Backblaze / b2-sdk-python

Python library to access B2 cloud storage.
Other
183 stars 61 forks source link

Custom sync policy? #296

Closed retorquere closed 2 years ago

retorquere commented 2 years ago

Is there a way to create a custom sync policy? I want to keep some files in the bucket unchanged even though the local counterpart has these files with a newer timestamp. I've tried with exclude regexes but that will treat the excluded files as missing and deletes them in the bucket.

ppolewicz commented 2 years ago

Sure, you need to implement this interface: https://github.com/Backblaze/b2-sdk-python/blob/9ed5b69df2d0fc997b54bbdce756392ce082d449/b2sdk/sync/policy_manager.py#L17

and then you need to feed it into the sync. Sync was designed to be customizable so it shouldn't cause you much trouble. Let us know how it works out for you, or please ask if you run into trouble. Also, please observe that you can easily write fast tests using raw_simulator. This way you can write the testcase first and then once you have it running (on stock SyncPolicyManager) and failing, you can adjust the code and see it pass the tests when you are done.

retorquere commented 2 years ago

And then I'd have to create a custom sync policy class to instantiate and return from get_policy, right? Which inherits from AbstractFileSyncPolicy?

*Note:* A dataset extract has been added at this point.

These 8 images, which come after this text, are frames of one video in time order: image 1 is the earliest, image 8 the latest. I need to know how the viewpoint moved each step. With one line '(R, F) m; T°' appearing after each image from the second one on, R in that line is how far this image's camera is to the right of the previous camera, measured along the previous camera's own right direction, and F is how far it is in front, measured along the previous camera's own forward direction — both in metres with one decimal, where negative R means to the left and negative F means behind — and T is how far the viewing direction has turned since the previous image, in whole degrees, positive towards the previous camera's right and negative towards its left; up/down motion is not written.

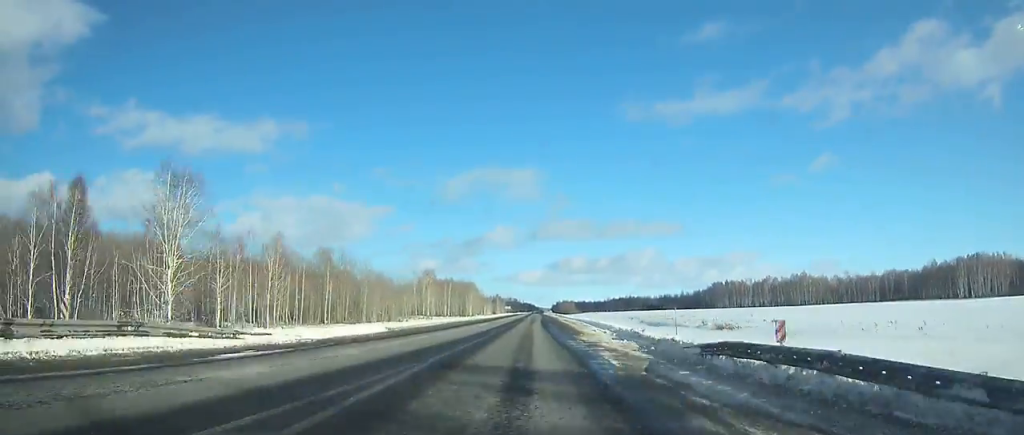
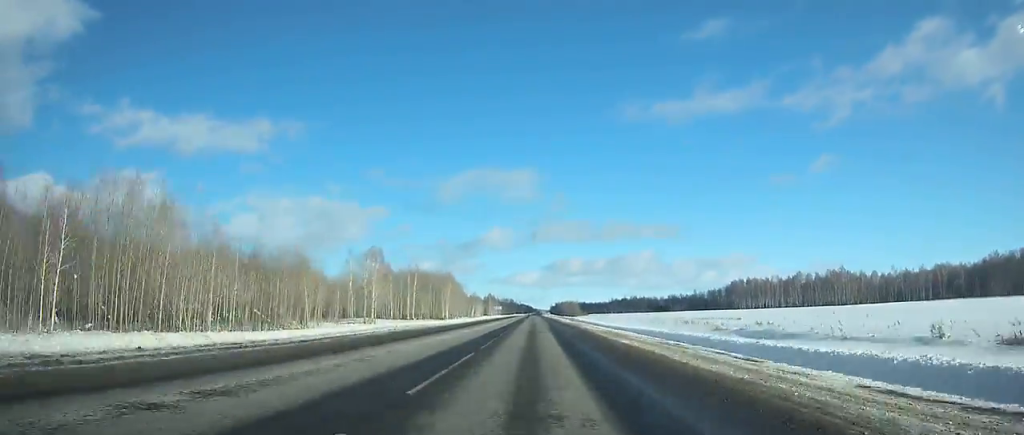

The policy I need is probably simple:

ppolewicz commented 2 years ago

I think you can use the existing policies, you'd just decide differently than the original synchronizer which policy to use. You can even inherit from SyncPolicyManager and do something in cases you care about, but if the case doesn't match your specific pattern,

    return super().get_policy(
        sync_type,
        source_path,
        source_folder,
        dest_path,
        dest_folder,
        now_millis,
        delete,
        keep_days,
        newer_file_mode,
        compare_threshold,
        compare_version_mode,
        encryption_settings_provider,
    )

to do whatever the standard synchronizer would do in those other cases.

retorquere commented 2 years ago

I don't understand. Is get_policy called per filename? What's the point where in intervene?

ppolewicz commented 2 years ago

It is called for every filename, yes.

I don't understand the second question.

retorquere commented 2 years ago

I thought a policy spanned all files in the sync. It seems I got that wrong -- get_policy is called per file-pair, and returns a policy object which implements some methods that decide what needs to be done with this pair. Which methods must this policy object implement?

ppolewicz commented 2 years ago

All the policy objects you need are already implemented (maybe with an exception of a "do nothing" policy). Click here to see an example policy (if you really want to go this way). Upwards from that line is the abstract object and it only has one abstract method.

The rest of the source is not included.